Scientific evidence links these environmental—and in some cases, irreversible—changes to increasing amounts of carbon dioxide collecting in the Earth’s atmosphere. Scientists are urgently searching for ways to shift the world’s reliance from fossil fuels like coal and oil, which release carbon dioxide and other heat-trapping gases when burned, to renewable energy sources.

Led by University of Michigan Professor of Chemical Engineering Suljo Linic, five U.S. chemists met in September 2017 in Dalian, China, with their counterparts from China, Germany, Japan, and the United Kingdom to assess the current state of solar energy science and technology.

Increasing the world’s solar energy capacity is key to reducing carbon dioxide emissions and ultimately, removing it from the atmosphere, according to recommendations the global delegation jointly published in a new white paper.

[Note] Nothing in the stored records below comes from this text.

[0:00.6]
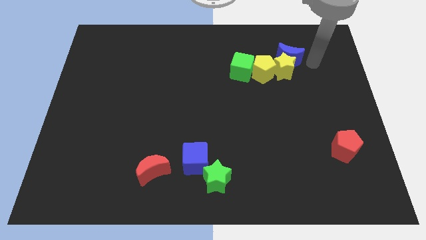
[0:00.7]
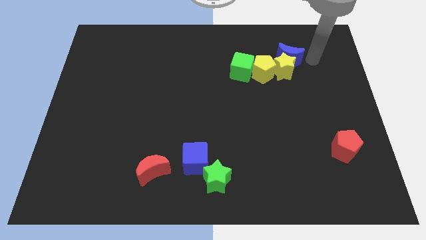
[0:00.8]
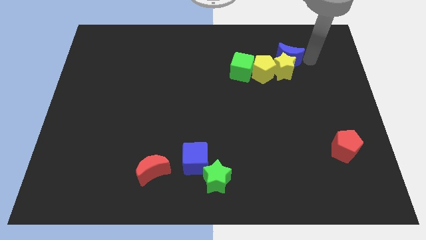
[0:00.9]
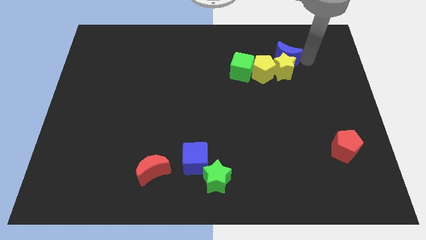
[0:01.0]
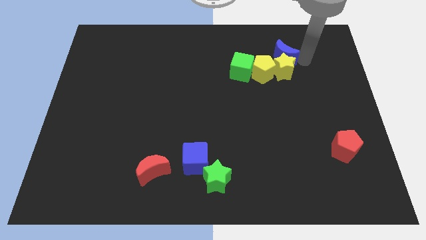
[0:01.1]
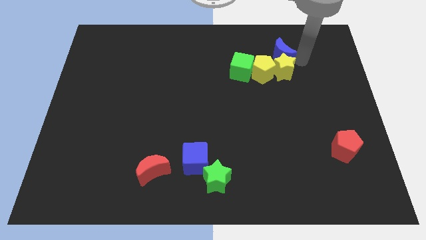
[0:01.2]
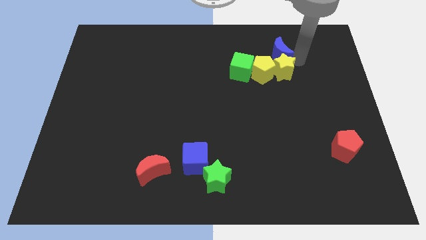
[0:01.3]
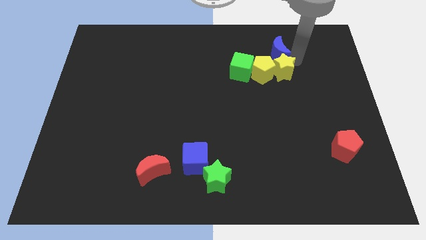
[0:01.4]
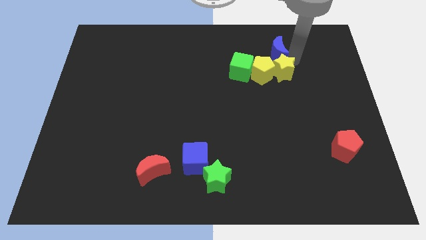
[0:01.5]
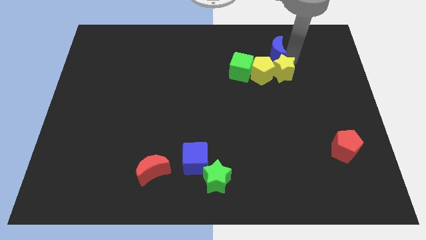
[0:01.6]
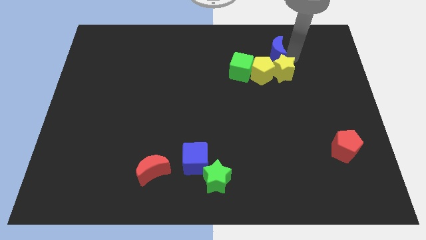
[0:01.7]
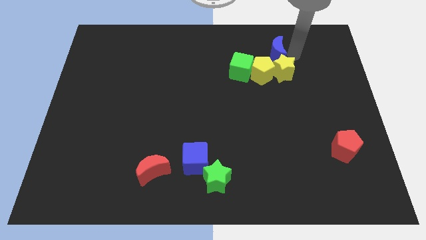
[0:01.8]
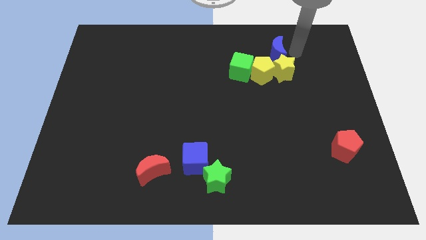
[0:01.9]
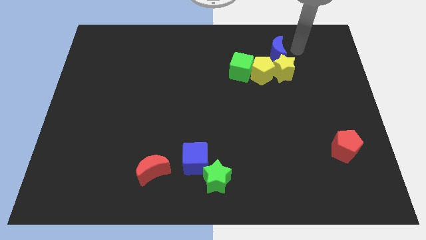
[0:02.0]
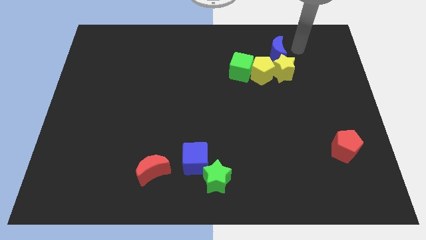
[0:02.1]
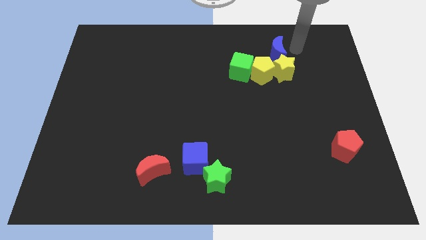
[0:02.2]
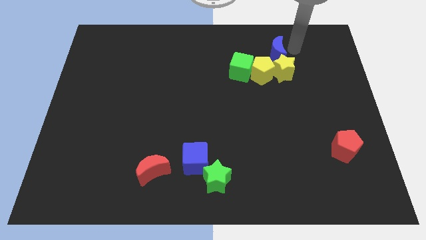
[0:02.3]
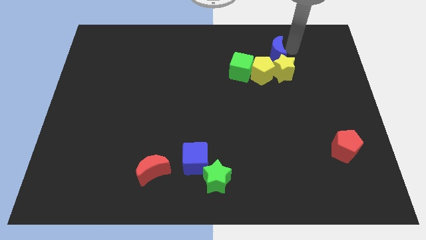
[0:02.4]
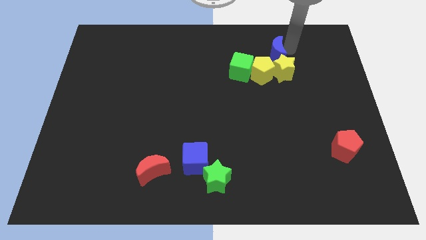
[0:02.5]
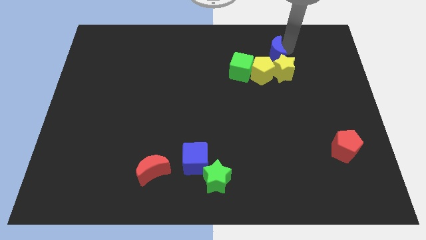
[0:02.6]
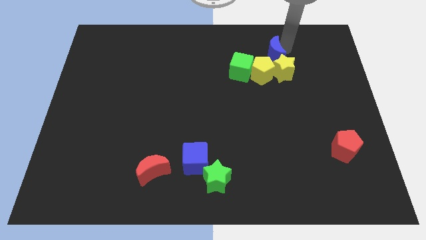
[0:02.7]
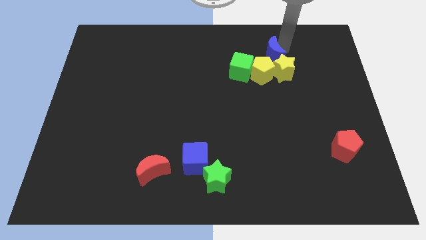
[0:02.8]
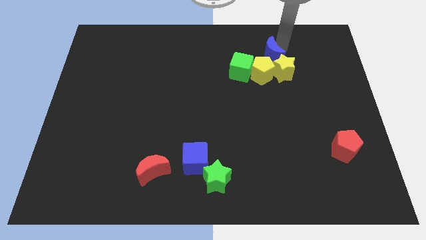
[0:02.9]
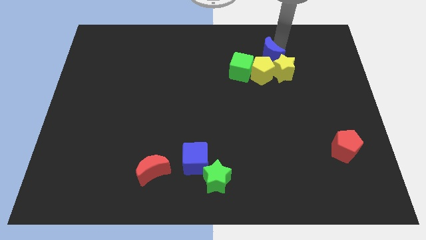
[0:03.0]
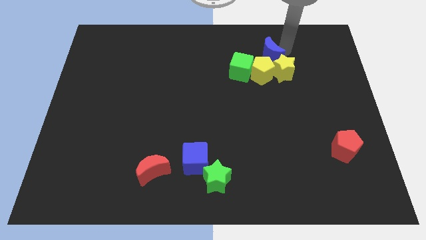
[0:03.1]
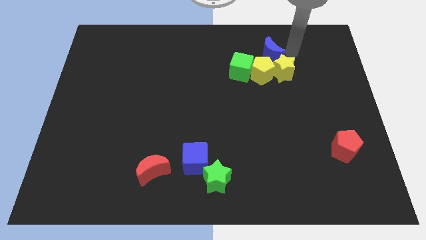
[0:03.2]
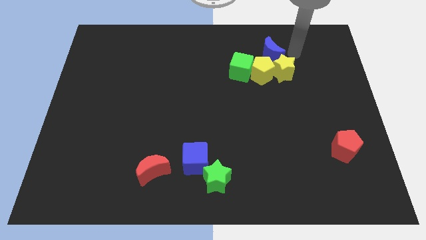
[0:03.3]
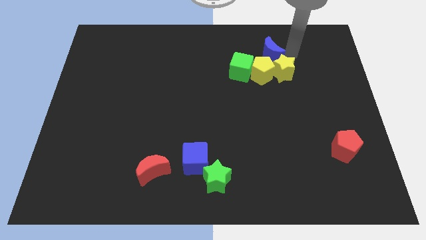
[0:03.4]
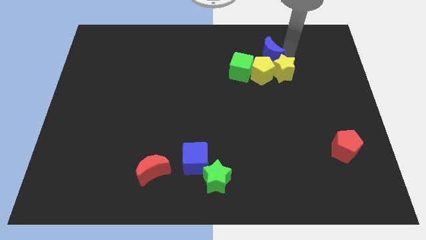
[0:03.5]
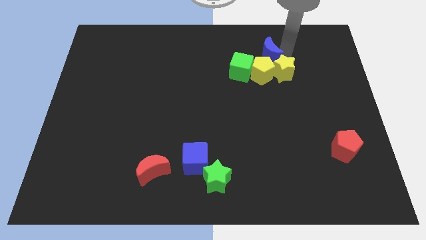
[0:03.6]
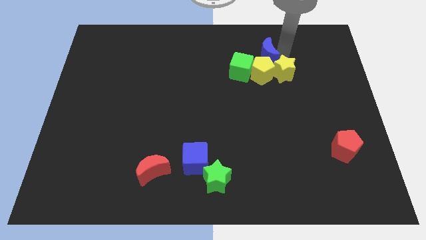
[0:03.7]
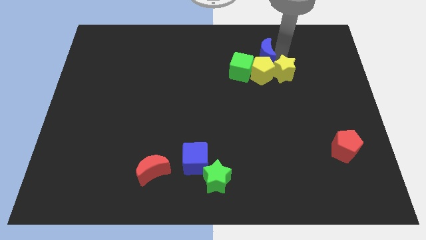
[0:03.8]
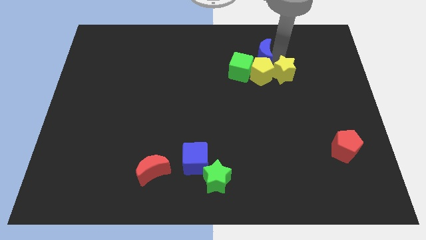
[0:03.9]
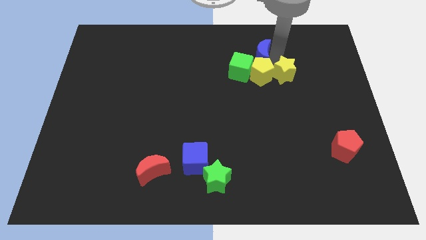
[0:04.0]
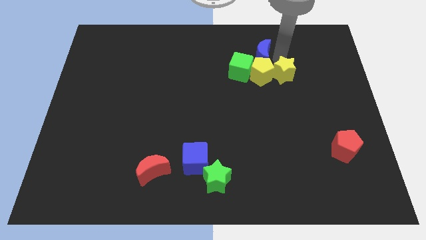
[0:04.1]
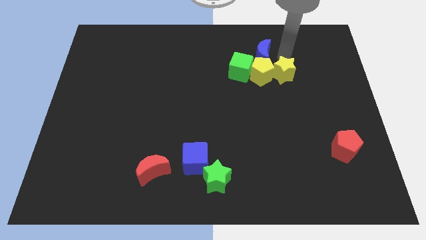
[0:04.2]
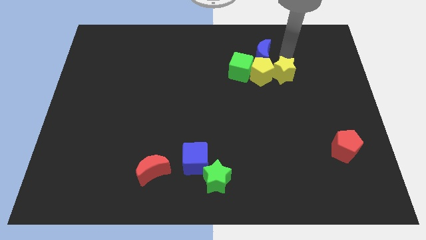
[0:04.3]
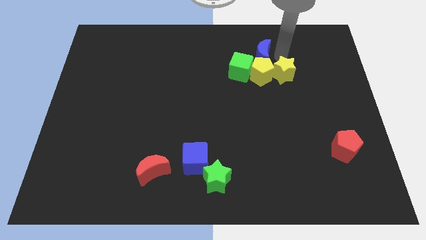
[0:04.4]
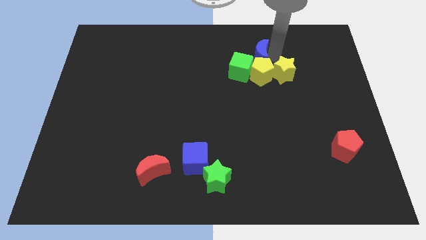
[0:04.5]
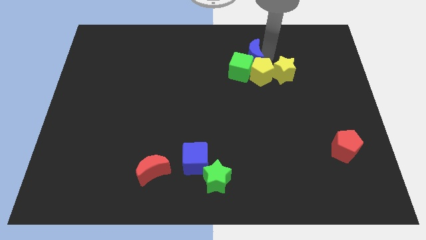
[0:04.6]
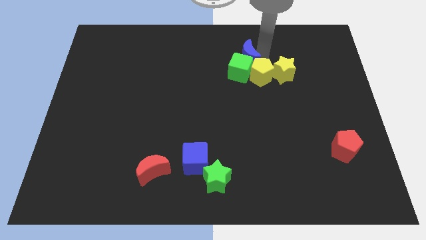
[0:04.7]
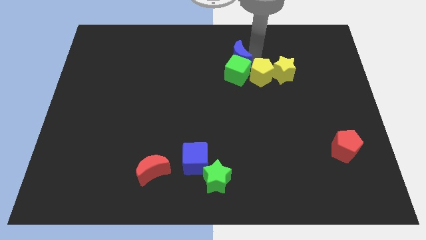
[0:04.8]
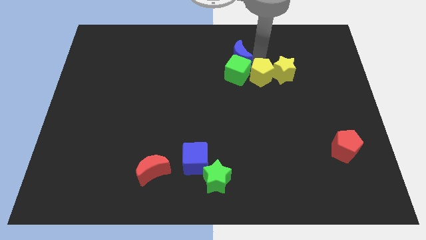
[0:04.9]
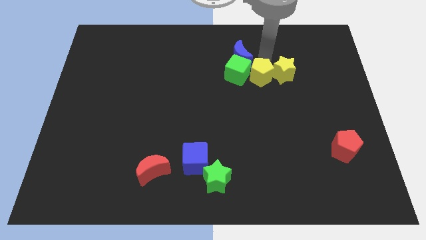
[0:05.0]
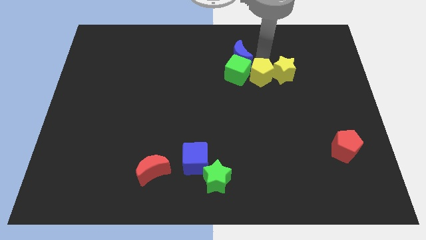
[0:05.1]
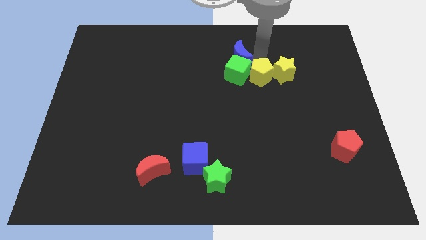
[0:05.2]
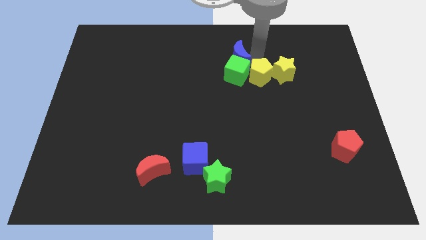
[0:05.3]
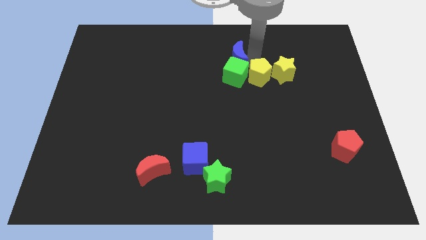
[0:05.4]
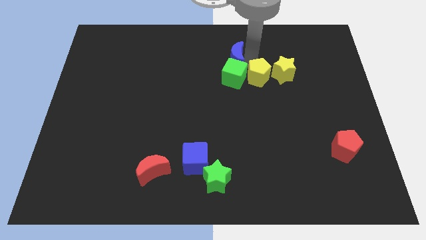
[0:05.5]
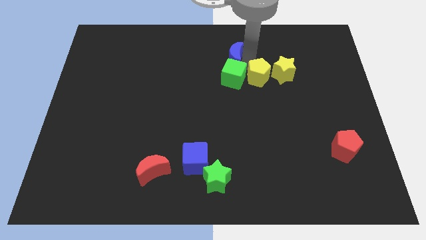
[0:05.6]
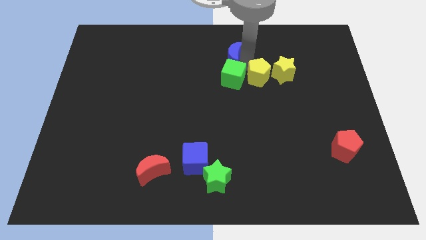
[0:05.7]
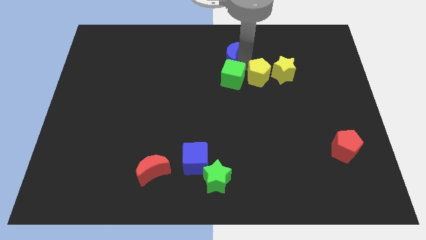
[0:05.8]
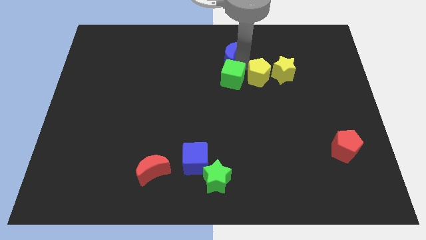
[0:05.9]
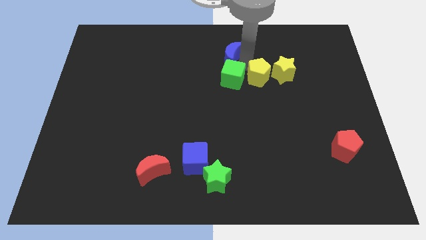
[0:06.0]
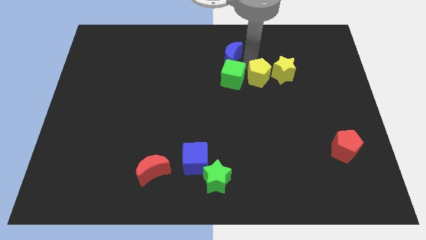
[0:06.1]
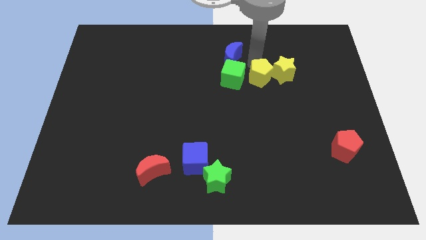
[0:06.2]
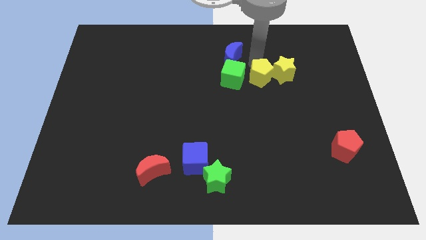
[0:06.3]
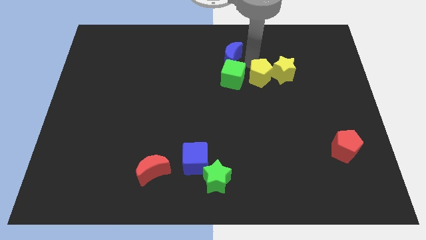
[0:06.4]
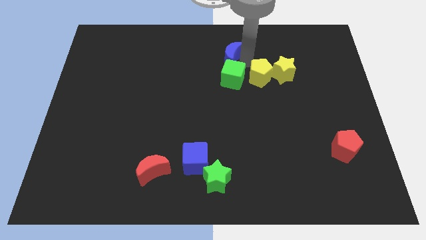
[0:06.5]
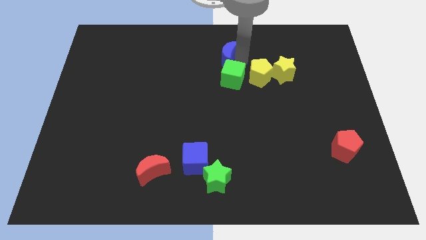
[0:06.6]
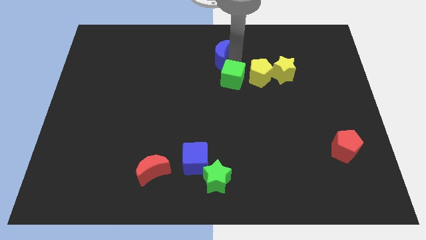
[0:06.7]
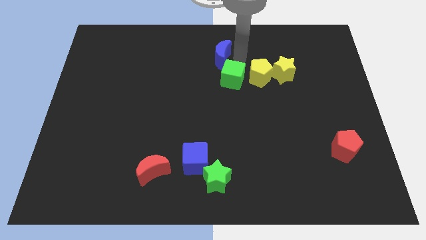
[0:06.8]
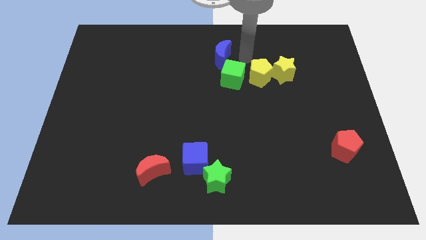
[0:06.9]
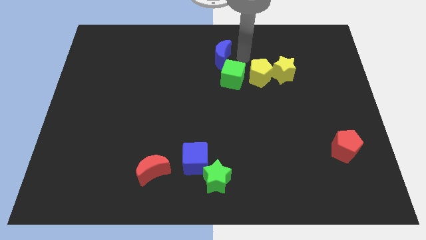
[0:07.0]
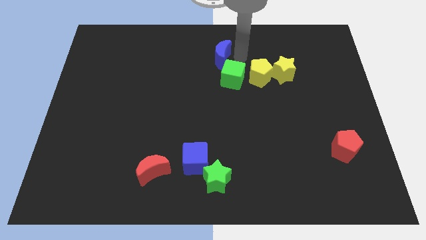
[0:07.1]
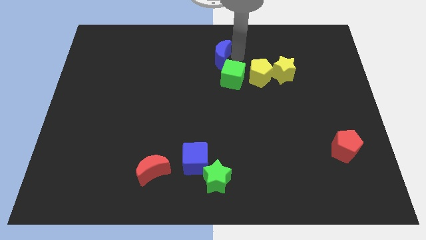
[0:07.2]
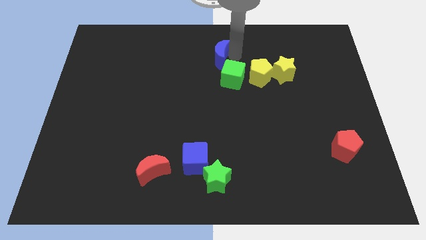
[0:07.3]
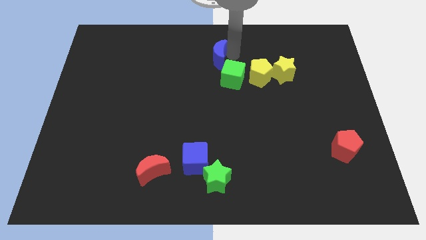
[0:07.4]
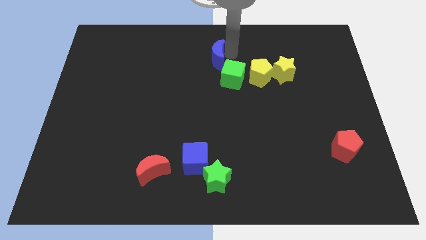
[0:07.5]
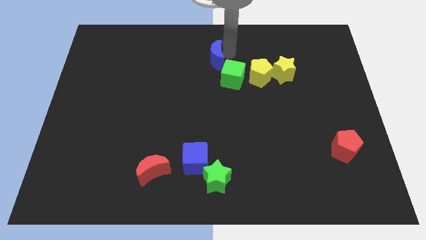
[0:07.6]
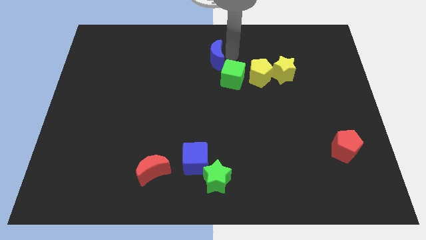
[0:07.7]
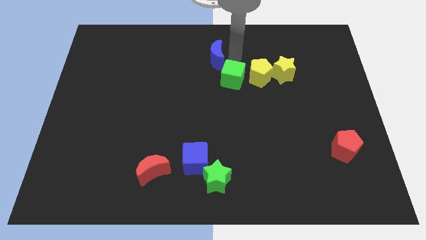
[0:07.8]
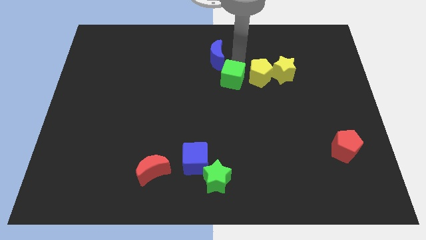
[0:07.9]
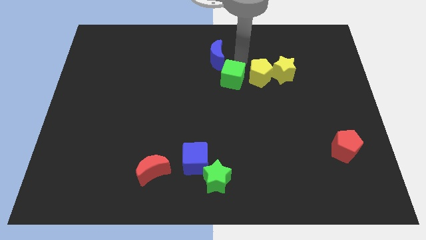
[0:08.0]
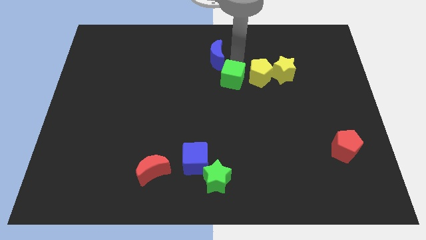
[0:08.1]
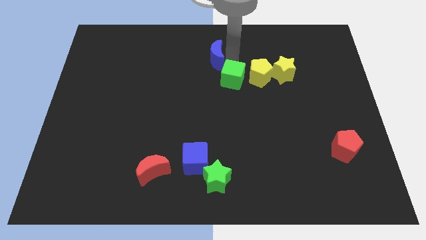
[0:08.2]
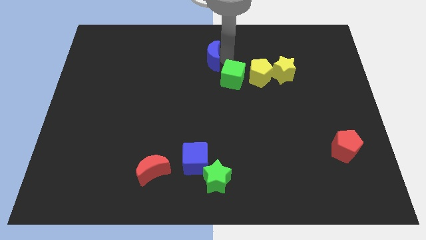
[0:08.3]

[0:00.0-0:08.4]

However, existing research priorities must pivot.

“To compete with fossil fuels, solar energy devices must become cheaper and easier to manufacture while also becoming more efficient. This will require new materials, new module designs, and a better understanding of the

fundamental processes behind solar energy,” says Linic.

Among the recommendations are:

  • Investing in research that increases understanding of fundamental processes associated with solar water splitting technologies to produce affordable and sustainable solar hydrogen.
  • Creating a know-how to design and synthesize complex multifunctional materials that can meet the high-efficiency requirements in sunlight-driven processes.
  • Developing a materials discovery program that places a greater emphasis on using computational models, which can predict materials’ properties and help researchers select which to test in the lab.
  • Increasing international and interdisciplinary collaboration on analytical techniques to share expertise and best practices.
  • Adopting a standardized method of measuring solar energy materials performance to increase accuracy of device comparisons.

The American Chemical Society (ACS) selected Linic and four other leading chemists to represent the United States at the 7th Chemical Sciences and Society Summit (CS3), which was held in China in September 2017.

The funding agencies and chemical societies of the five participating countries developed the CS3 series to unite leading researchers in the chemical sciences. Participants identify how chemical research can contribute to key societal challenges, such as climate change.

The U.S. delegation included: Suljo Linic (University of Michigan), Harry Atwater (California Institute of Technology), and Gordana Dukovic (University of Colorado at Boulder), Vivian Ferry (University of Minnesota), and Jerry Meyer (University of North Carolina). The U.S. National Science Foundation supported the delegation.